§ TASK PROMPT: Drop all images. Then write out each line below exactly as given.

Segment Start: EXTRACTED RECORDS

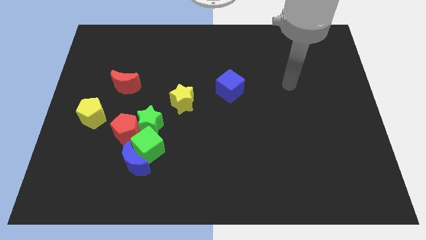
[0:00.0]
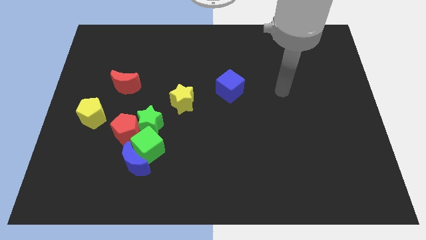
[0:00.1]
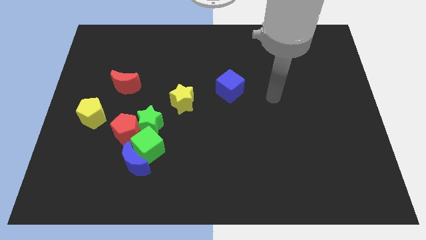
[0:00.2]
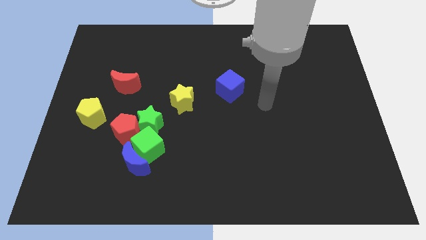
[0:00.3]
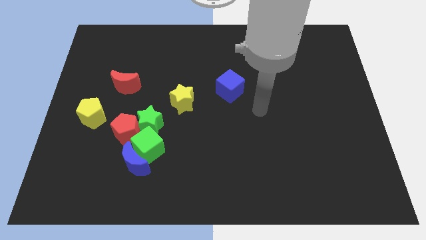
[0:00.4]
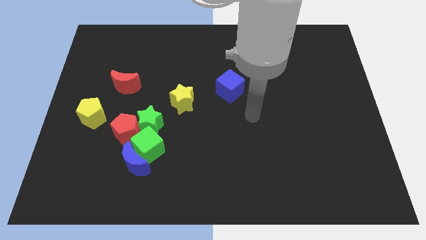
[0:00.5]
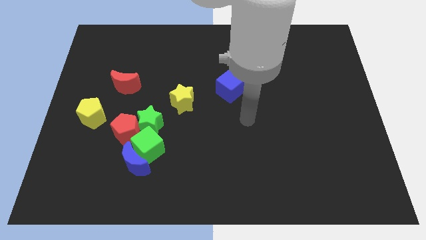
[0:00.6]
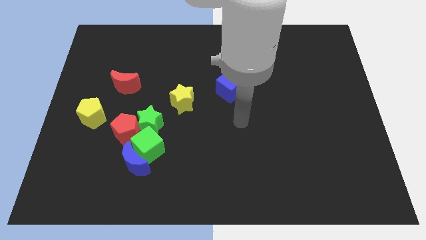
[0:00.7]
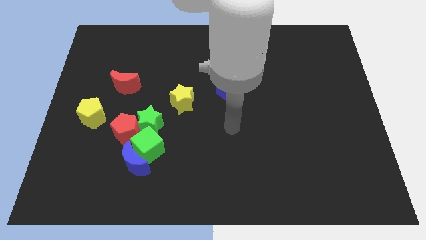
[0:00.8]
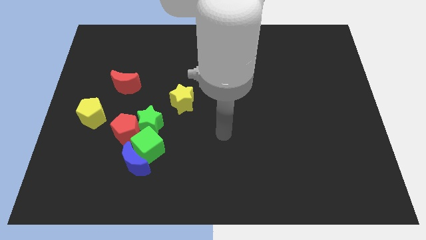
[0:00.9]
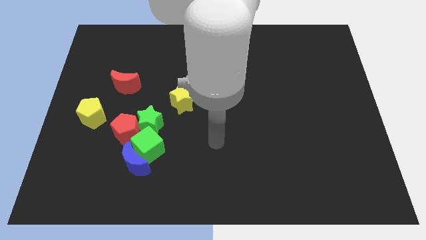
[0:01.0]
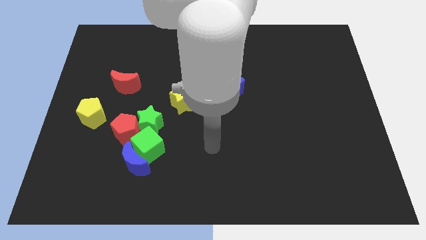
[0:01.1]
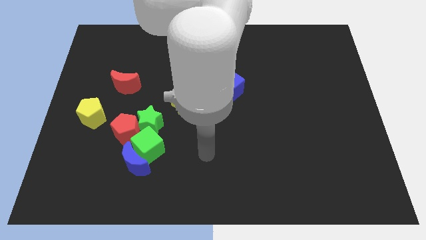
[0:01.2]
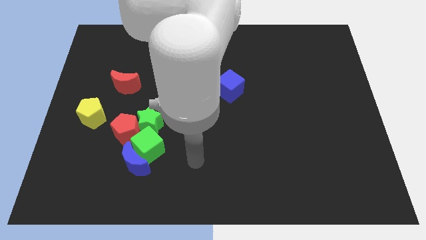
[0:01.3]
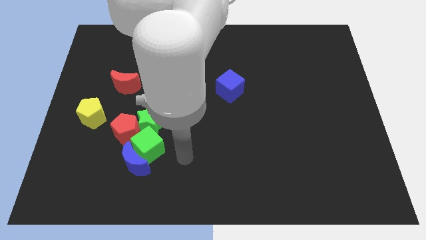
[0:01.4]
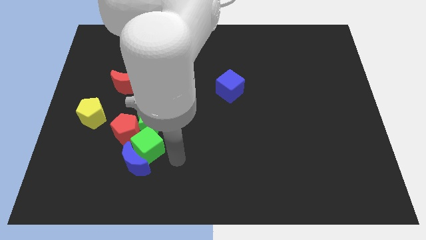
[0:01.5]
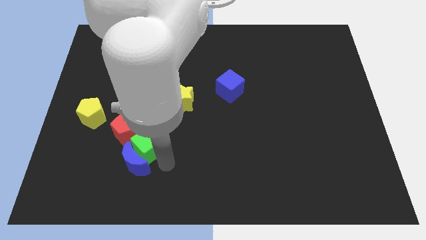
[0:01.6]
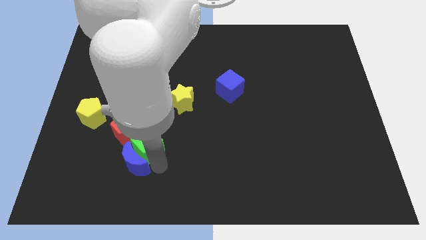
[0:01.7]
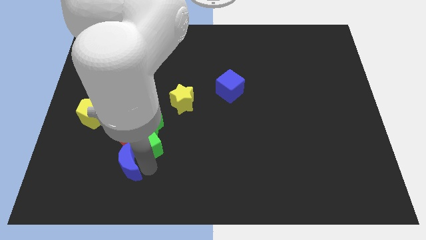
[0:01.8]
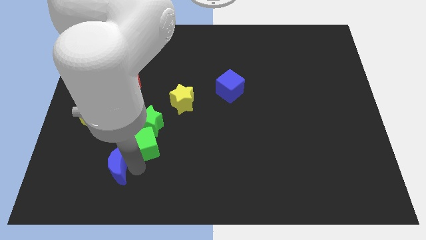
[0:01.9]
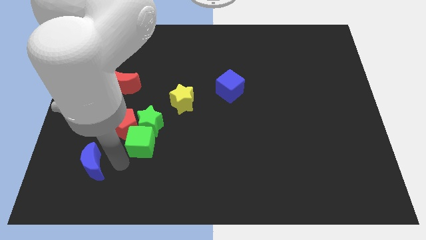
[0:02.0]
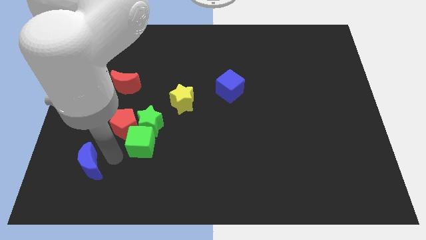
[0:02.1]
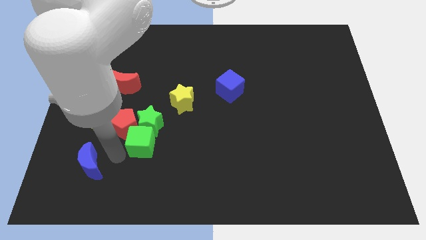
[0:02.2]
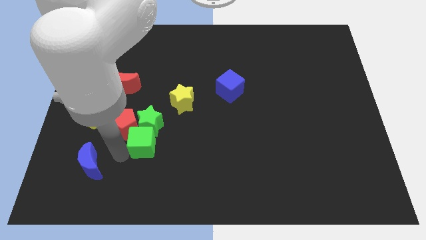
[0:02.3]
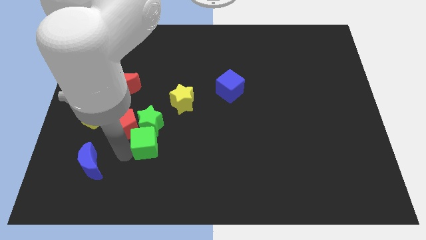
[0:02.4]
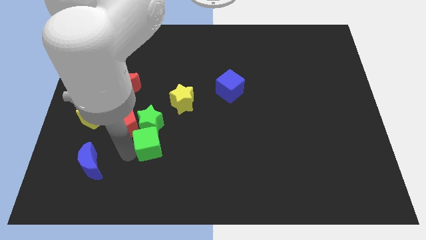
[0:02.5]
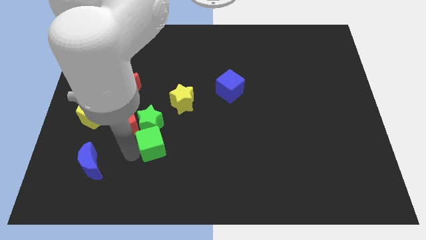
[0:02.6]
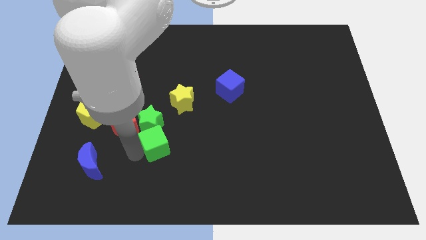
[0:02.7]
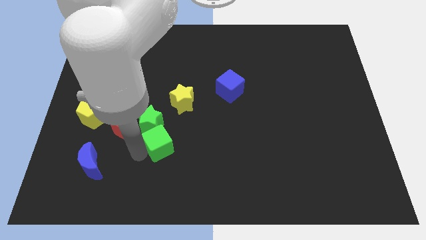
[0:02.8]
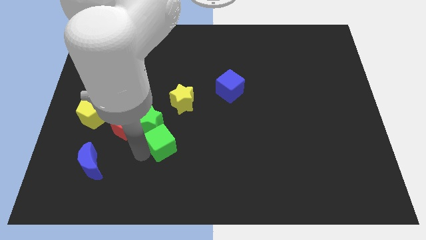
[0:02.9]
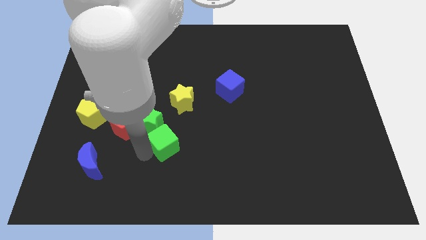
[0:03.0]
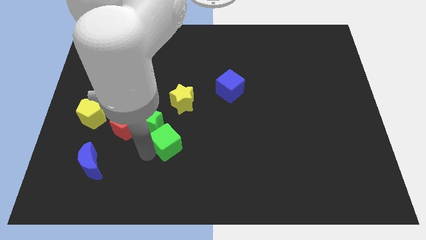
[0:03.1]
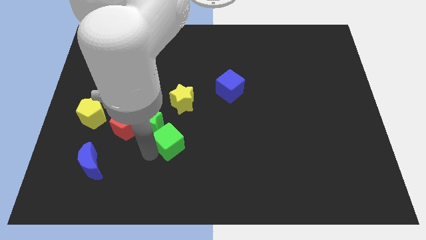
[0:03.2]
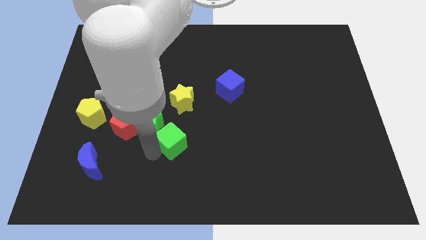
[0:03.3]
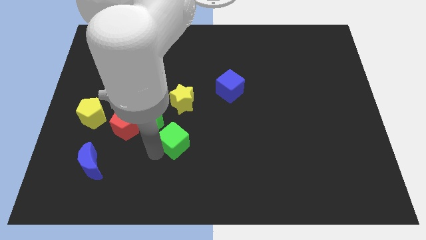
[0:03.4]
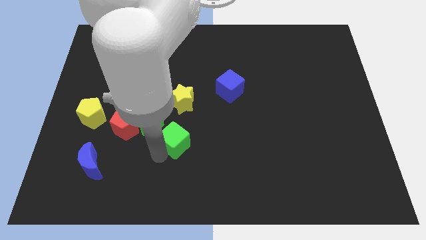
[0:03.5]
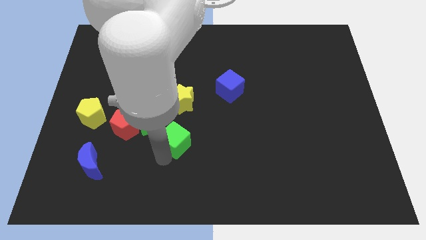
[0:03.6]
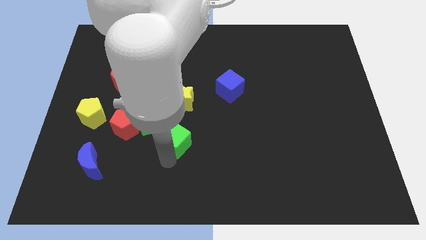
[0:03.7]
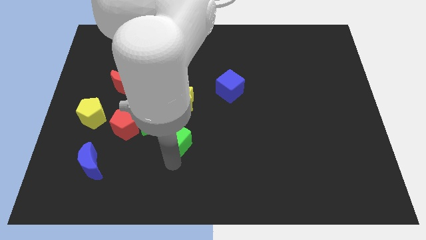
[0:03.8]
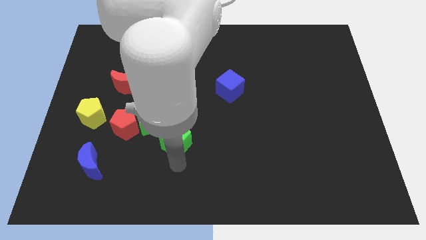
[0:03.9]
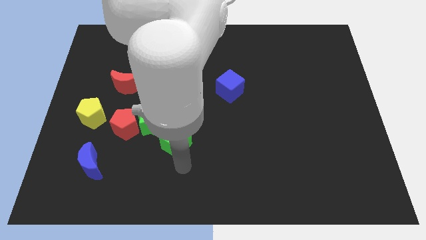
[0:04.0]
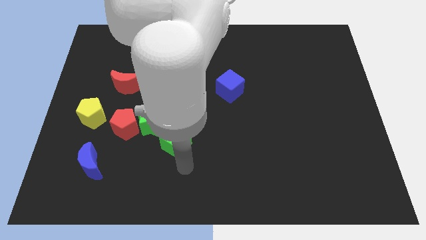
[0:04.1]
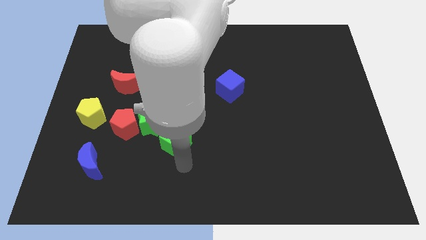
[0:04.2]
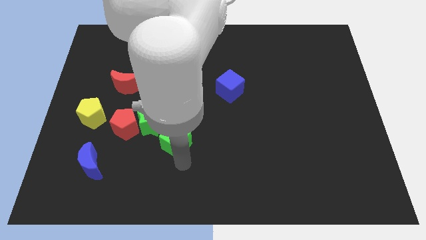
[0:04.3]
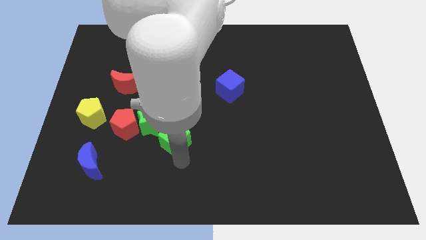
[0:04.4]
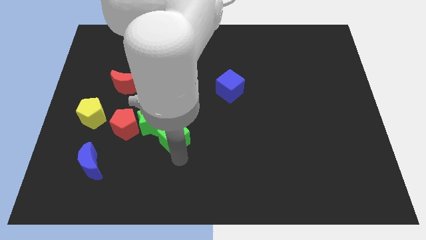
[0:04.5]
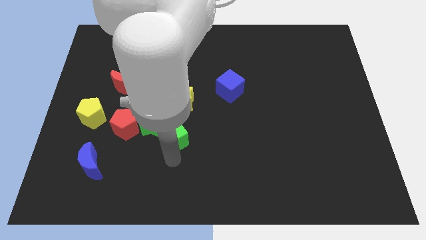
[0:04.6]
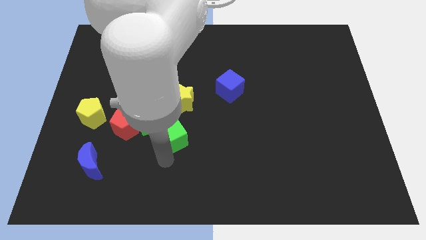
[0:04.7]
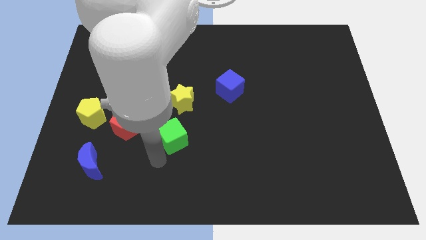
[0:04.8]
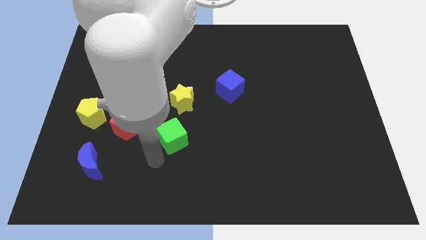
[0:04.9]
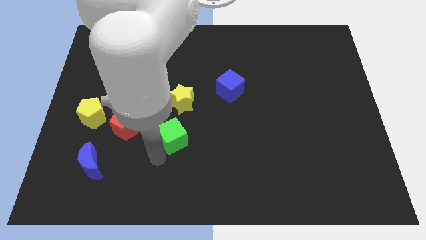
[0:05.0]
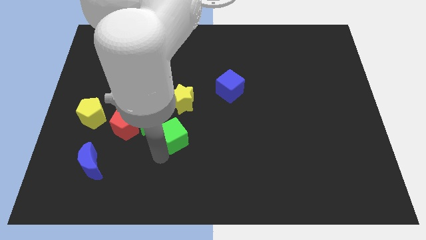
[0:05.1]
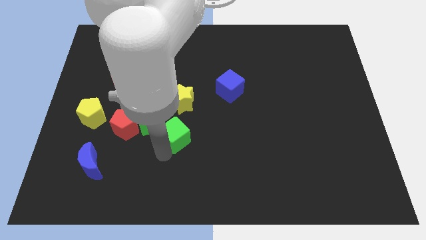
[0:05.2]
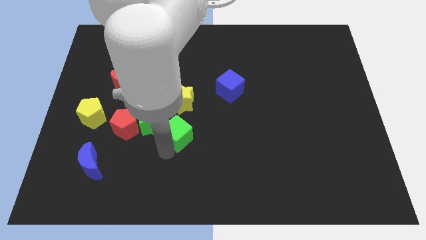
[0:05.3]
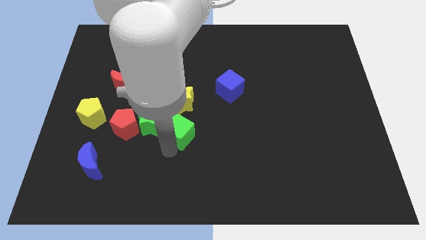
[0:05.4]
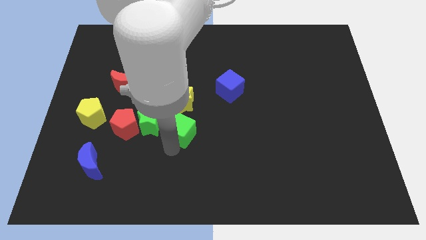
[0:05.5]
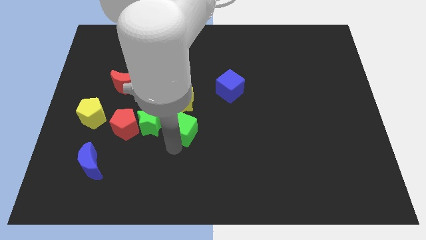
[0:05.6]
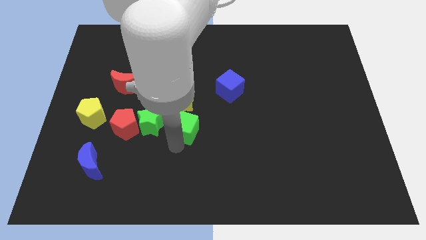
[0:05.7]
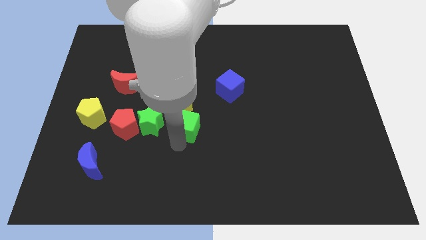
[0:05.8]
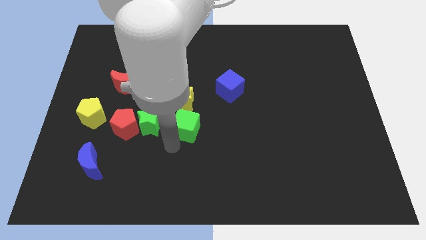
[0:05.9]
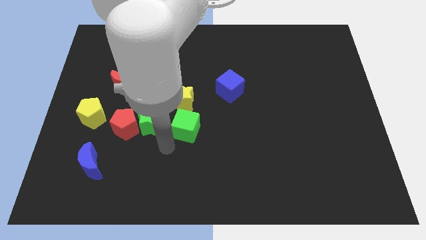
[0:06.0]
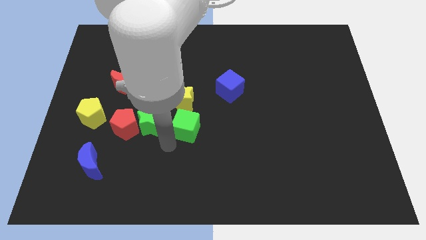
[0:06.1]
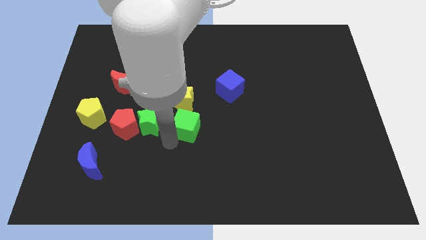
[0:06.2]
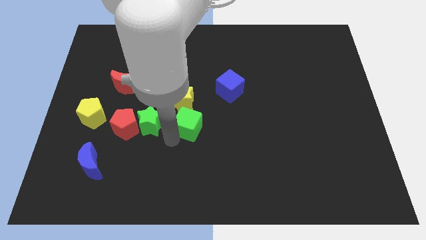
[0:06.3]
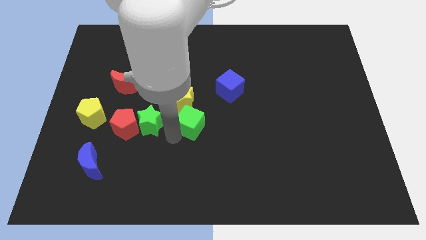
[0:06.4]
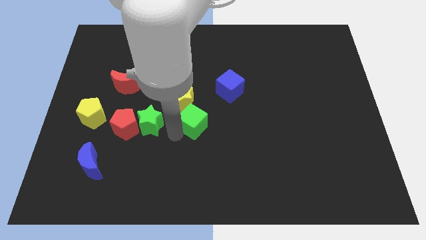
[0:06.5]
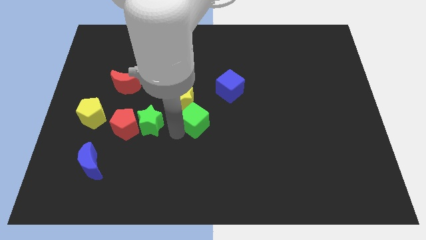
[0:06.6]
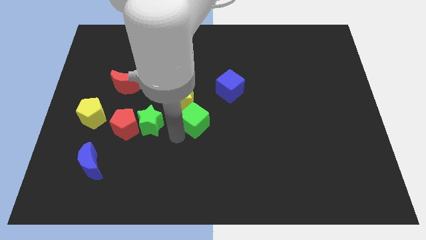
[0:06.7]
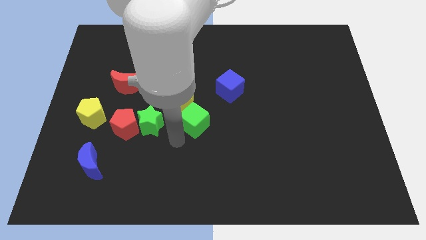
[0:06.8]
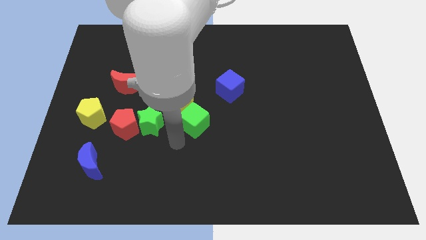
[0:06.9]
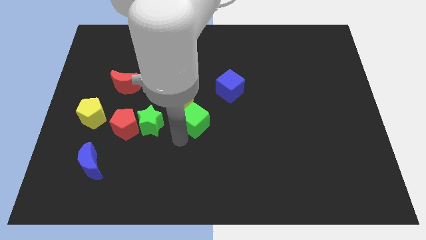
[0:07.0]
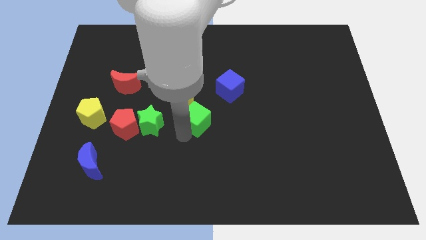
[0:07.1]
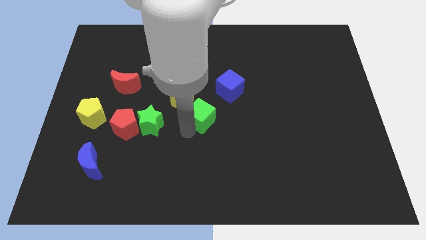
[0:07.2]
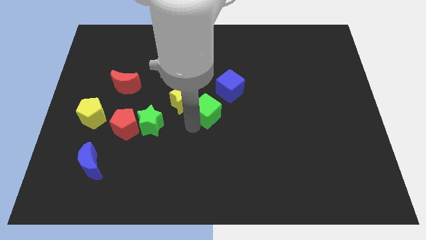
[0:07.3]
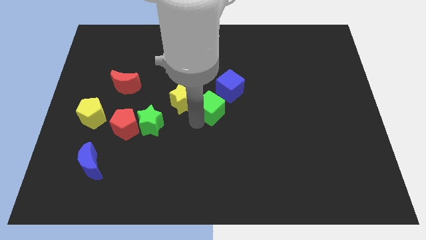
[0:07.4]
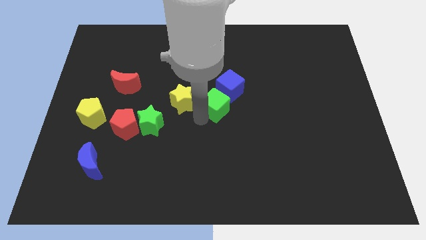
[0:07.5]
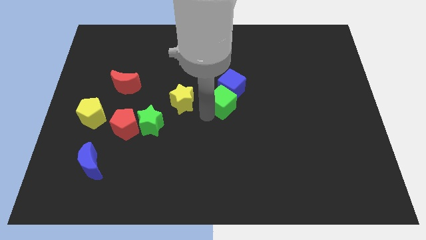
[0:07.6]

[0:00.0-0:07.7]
slide the green cube to the blue cube

Segment End: EXTRACTED RECORDS

§ YOUR RESPONSE:
[0:00.0]
[0:00.1]
[0:00.2]
[0:00.3]
[0:00.4]
[0:00.5]
[0:00.6]
[0:00.7]
[0:00.8]
[0:00.9]
[0:01.0]
[0:01.1]
[0:01.2]
[0:01.3]
[0:01.4]
[0:01.5]
[0:01.6]
[0:01.7]
[0:01.8]
[0:01.9]
[0:02.0]
[0:02.1]
[0:02.2]
[0:02.3]
[0:02.4]
[0:02.5]
[0:02.6]
[0:02.7]
[0:02.8]
[0:02.9]
[0:03.0]
[0:03.1]
[0:03.2]
[0:03.3]
[0:03.4]
[0:03.5]
[0:03.6]
[0:03.7]
[0:03.8]
[0:03.9]
[0:04.0]
[0:04.1]
[0:04.2]
[0:04.3]
[0:04.4]
[0:04.5]
[0:04.6]
[0:04.7]
[0:04.8]
[0:04.9]
[0:05.0]
[0:05.1]
[0:05.2]
[0:05.3]
[0:05.4]
[0:05.5]
[0:05.6]
[0:05.7]
[0:05.8]
[0:05.9]
[0:06.0]
[0:06.1]
[0:06.2]
[0:06.3]
[0:06.4]
[0:06.5]
[0:06.6]
[0:06.7]
[0:06.8]
[0:06.9]
[0:07.0]
[0:07.1]
[0:07.2]
[0:07.3]
[0:07.4]
[0:07.5]
[0:07.6]

[0:00.0-0:07.7]
slide the green cube to the blue cube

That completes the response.